About this task:
When a line of the entries contains "fill", please list that line.

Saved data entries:
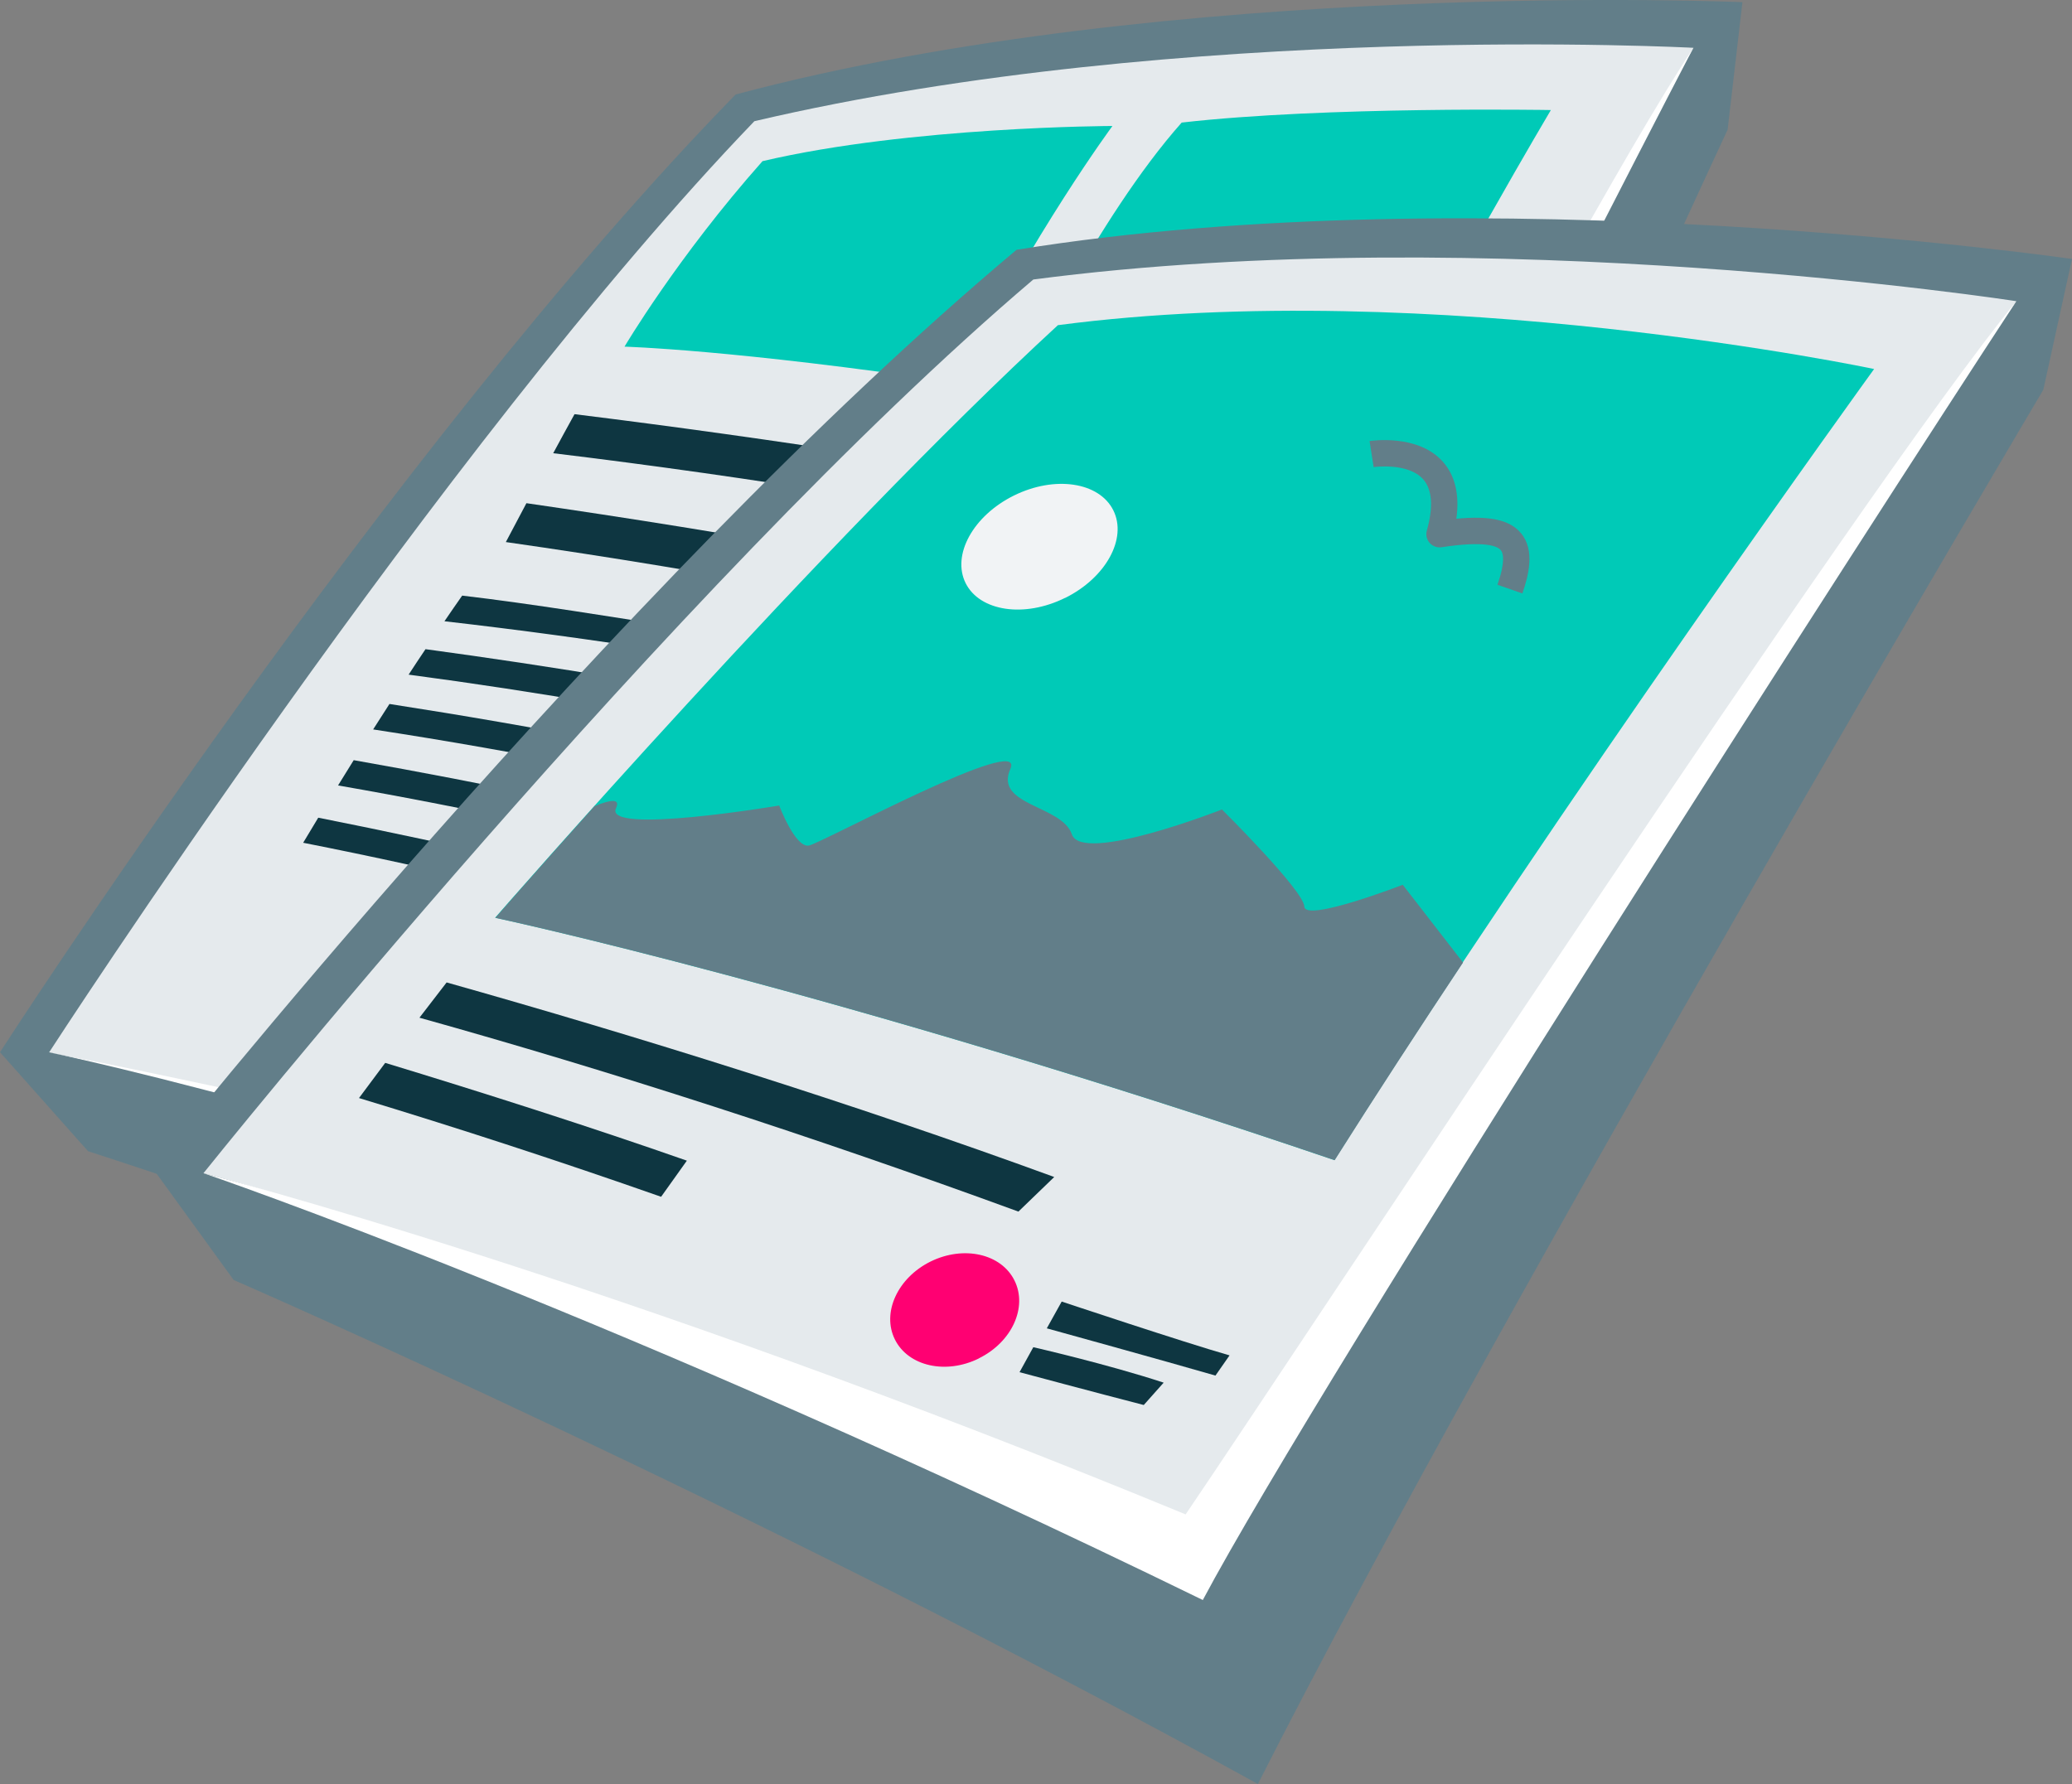 <?xml version="1.0" encoding="UTF-8"?>
<svg id="a" data-name="Laag 1" xmlns="http://www.w3.org/2000/svg" viewBox="0 0 219.67 189.19">
  <rect x="0" y="0" width="219.67" height="189.19" fill="#808080" stroke="none"/>
  <defs>
    <style>
      .b {
        fill: #0e3641;
      }

      .b, .c, .d, .e, .f, .g, .h {
        stroke-width: 0px;
      }

      .c {
        fill: #ff0072;
      }

      .d {
        fill: #f1f3f5;
      }

      .e {
        fill: #627e89;
      }

      .f {
        fill: #00cab7;
      }

      .g {
        fill: #fff;
      }

      .h {
        fill: #e5eaed;
      }
    </style>
  </defs>
  <g>
    <path class="e" d="M77.99,10.02C124.43-2.39,184.73.23,184.73.23l-1.57,13.52s-45.05,96.78-65.21,148.88c-53.58-22.9-108.61-40.55-108.61-40.55L0,111.58S41.04,47.88,77.99,10.02Z"/>
    <path class="h" d="M79.99,12.85c45.47-10.68,99.55-7.78,99.55-7.78,0,0-46.07,79.14-70.03,137.62C47.96,119.81,5.21,111.59,5.21,111.59c0,0,41.7-64.37,74.77-98.74Z"/>
    <path class="g" d="M107.92,136.11C57.42,121.71,5.21,111.59,5.21,111.59c0,0,43.09,8.92,105.3,33,9.67-23.61,56.62-115.74,69.02-139.52-13.56,20.41-60.83,111.1-71.62,131.04Z"/>
    <g>
      <path class="b" d="M72.67,66.64c-7.59-1.19-16.39-2.63-23.67-3.48-.58.83-1.21,1.73-1.88,2.72,7.71.88,15.71,1.96,23.79,3.23l1.76-2.47Z"/>
      <path class="b" d="M32.15,89.37c7.16,1.41,14.54,3.02,21.97,4.82l1.56-2.72c-7.11-1.72-15.05-3.39-21.94-4.76-.52.86-1.06,1.77-1.6,2.66Z"/>
      <path class="b" d="M86.96,75.91c-14.19-2.94-28.71-5.29-41.85-7.07-.57.85-1.18,1.76-1.79,2.7,13.49,1.79,27.73,4.23,42.35,7.26l1.29-2.89Z"/>
      <path class="b" d="M90.08,84.18c-16.72-4.02-33.56-7.17-48.79-9.53-.56.86-1.14,1.77-1.73,2.7,15.53,2.37,32.05,5.65,49.16,9.76l1.36-2.93Z"/>
      <path class="b" d="M81.67,90.02c-14.73-3.77-30.59-7.02-44.17-9.41-.55.88-1.09,1.75-1.66,2.68,13.85,2.41,28.49,5.56,43.56,9.42l2.27-2.68Z"/>
    </g>
    <path class="f" d="M80.84,17.09c15.65-3.68,37.1-3.73,37.1-3.73,0,0-8.31,11.23-16.31,27.25-23.93-3.55-35.42-3.85-35.42-3.85,0,0,5.61-9.51,14.63-19.67Z"/>
    <path class="f" d="M125.27,13c15.3-1.75,39.15-1.33,39.15-1.33,0,0-10.95,18.46-18.95,34.48-23.93-3.55-37.45-5.54-37.45-5.54,0,0,8.23-17.44,17.25-27.6Z"/>
    <g>
      <path class="b" d="M53.62,57.48c10.84,1.55,22.03,3.39,33.32,5.51l2.11-4.21c-10.81-2.02-22.83-3.91-33.24-5.42-.71,1.33-1.44,2.73-2.18,4.12Z"/>
      <path class="b" d="M127.84,54.59c-22.37-4.5-46.39-8.13-66.93-10.67-.75,1.36-1.49,2.71-2.26,4.14,20.93,2.53,43.12,6.12,66.01,10.73l3.18-4.2Z"/>
    </g>
  </g>
  <g>
    <path class="e" d="M107.77,26.49c49.54-8.05,111.9.97,111.9.97l-3.04,13.87s-56.89,95.84-83.27,147.85c-53.27-29.38-108.59-53.45-108.59-53.45l-8.6-11.87S65.43,61.97,107.77,26.49Z"/>
    <path class="h" d="M109.55,29.64c48.34-6.36,104.22,2.3,104.22,2.3,0,0-56.11,77.41-87.11,135.65-62.98-32.65-105.09-43.18-105.09-43.18,0,0,50.03-62.52,87.98-94.77Z"/>
    <path class="g" d="M125.7,160.59c-61.08-25.2-104.12-36.18-104.12-36.18,0,0,43.86,14.95,105.94,45.26,12.51-23.52,70.89-114.32,86.25-137.73-16.21,19.78-74.78,109.06-88.07,128.65Z"/>
    <path class="f" d="M112.17,34.48c39.76-5.23,86.52,4.65,86.52,4.65,0,0-33.37,46.13-57.22,83.89-53.05-18.04-88.98-25.7-88.98-25.7,0,0,34.73-39.89,59.68-62.85Z"/>
    <g>
      <path class="b" d="M38.06,116.44c10.46,3.17,21.21,6.67,32.03,10.47l2.73-3.83c-10.35-3.63-21.92-7.31-31.98-10.37-.91,1.21-1.85,2.47-2.78,3.73Z"/>
      <path class="b" d="M111.76,124.81c-21.39-7.82-44.53-15.03-64.41-20.63-.95,1.22-1.89,2.44-2.88,3.74,20.27,5.66,41.61,12.55,63.5,20.56l3.79-3.66Z"/>
    </g>
    <g>
      <path class="c" d="M103.78,144.05c-3.49,1.73-7.48.84-8.9-2-1.42-2.84.28-6.54,3.77-8.27,3.51-1.73,7.49-.84,8.9,2,1.42,2.84-.27,6.54-3.77,8.26Z"/>
      <g>
        <path class="b" d="M130.36,143.73c-4.93-1.41-17.8-5.71-17.8-5.71l-1.58,2.84s12.53,3.46,17.88,5.01l1.5-2.15Z"/>
        <path class="b" d="M123.37,146.62c-5.92-1.95-13.82-3.76-13.82-3.76l-1.46,2.65s8.47,2.27,13.17,3.48l2.11-2.37Z"/>
      </g>
    </g>
    <path class="e" d="M148.7,93.83s-10.35,4.01-10.42,2.3c-.06-1.69-8.73-10.29-8.73-10.29,0,0-14.82,5.82-15.91,2.64-1.04-3.11-8.28-3.04-6.52-6.95,1.73-3.93-19.91,7.83-21.35,8.13-1.45.3-3.16-4.24-3.16-4.24,0,0-18.66,3.15-17.3.28.51-1.08-.66-.88-2.27-.22-6.41,7.13-10.52,11.85-10.52,11.85,0,0,35.93,7.65,88.98,25.7,4.31-6.82,8.93-13.92,13.61-20.96l-6.38-8.23Z"/>
    <path class="d" d="M112.92,63.4c-4.31,2.14-9.03,1.44-10.54-1.55-1.5-3,.79-7.16,5.11-9.3,4.33-2.14,9.04-1.44,10.54,1.56,1.5,3-.79,7.16-5.11,9.3Z"/>
    <path class="e" d="M145.2,46.77c.21-.03,5.14-.77,7.77,2.19,1.31,1.48,1.78,3.51,1.43,6.05,3.6-.35,5.7.14,6.86,1.54,1.5,1.8.79,4.5.14,6.38l-2.64-.92c.87-2.51.6-3.37.35-3.67-.35-.42-1.63-1.02-6.28-.31-.46.07-.94-.1-1.26-.46-.31-.35-.43-.84-.3-1.3.71-2.53.57-4.37-.39-5.45-1.61-1.8-5.21-1.29-5.25-1.29l-.43-2.76Z"/>
  </g>
</svg>

The answer:
  <rect x="0" y="0" width="219.67" height="189.19" fill="#808080" stroke="none"/>
        fill: #0e3641;
        fill: #ff0072;
        fill: #f1f3f5;
        fill: #627e89;
        fill: #00cab7;
        fill: #fff;
        fill: #e5eaed;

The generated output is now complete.